Pilosof will travel to Chicago to work with Prof. Mercedes Pascual of the University of Chicago on diffusion processes in multilayer networks, with applications for the molecular epidemiology and transmission of the malaria parasite Plasmodium falciparum. He did his PhD under the supervision of Prof. Boris Krasnov of the Jacob Blaustein Institutes for Desert Research and Prof. Serge Morand of CNRS in France. Pilosof is also a James S. McDonnell Foundation Post-Doctoral Fellow, one of only ten awarded each year worldwide.  

Both Ben-Tov and Pilosof were featured in this year’s President’s Report as examples of the stellar PhD students studying at BGU.

Two of Prof. Avishai Henik’s doctoral students have received Fulbright scholarships.

Cohen will continue her studies under Prof. Kevin Ochsner of Columbia University in New York where she will investigate Prestimulus Predictors of Emotion Regulation.

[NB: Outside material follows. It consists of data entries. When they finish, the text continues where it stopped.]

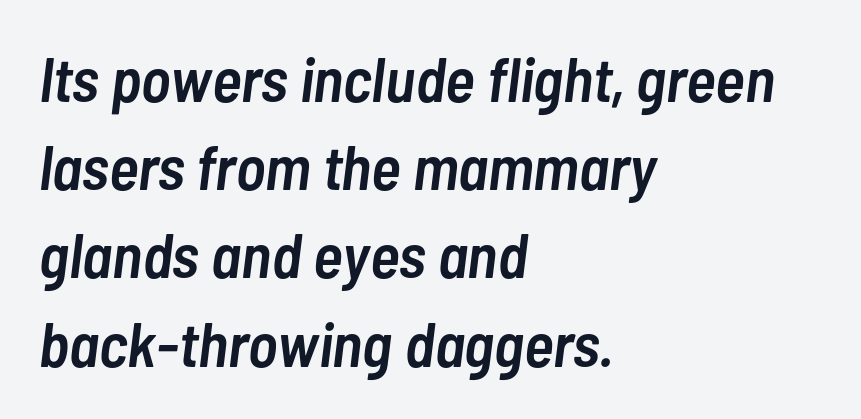
Q: Is the text bold? A: Semi-bold.
Q: Is the text italic (slanted)? A: Yes, it leans right by about 7 degrees.
Q: Is the text underlined? A: No.
Q: How is the paragraph aligned? A: Left-aligned.
Q: Is the spacing between letters normal or unusually wide? A: Normal.
Q: Is the spacing between lines tight, normal or loose? A: Normal.
Q: Width (condensed, normal, or wide)? A: Condensed.
Q: Stroke contrast? A: Low.
Q: x-height? A: Medium.
Q: Monospaced? A: No.
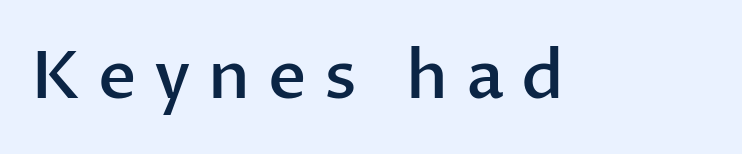
Lines of text with bare space underneath. Look at the stroke-to-counter ratio: somewhat heavy, a semibold. This is roman type, the default non-slanted kind. Observe the absence of serifs on each vertical stroke in this sample. The face used here is proportionally spaced, like ordinary book or web type. Loose tracking; the words dissolve into strings of separated letters.

Weinbach will be researching The Interplay between Neurocognitive Mechanisms and Clinical Symptoms in Eating Disorders at Stanford University under the supervision of Prof. James Lock.

The Fulbright Program is the flagship international educational exchange program sponsored by the U.S. government and is designed to increase mutual understanding between the people of the United States and the people of other countries. The grant is given jointly by the US and Israel.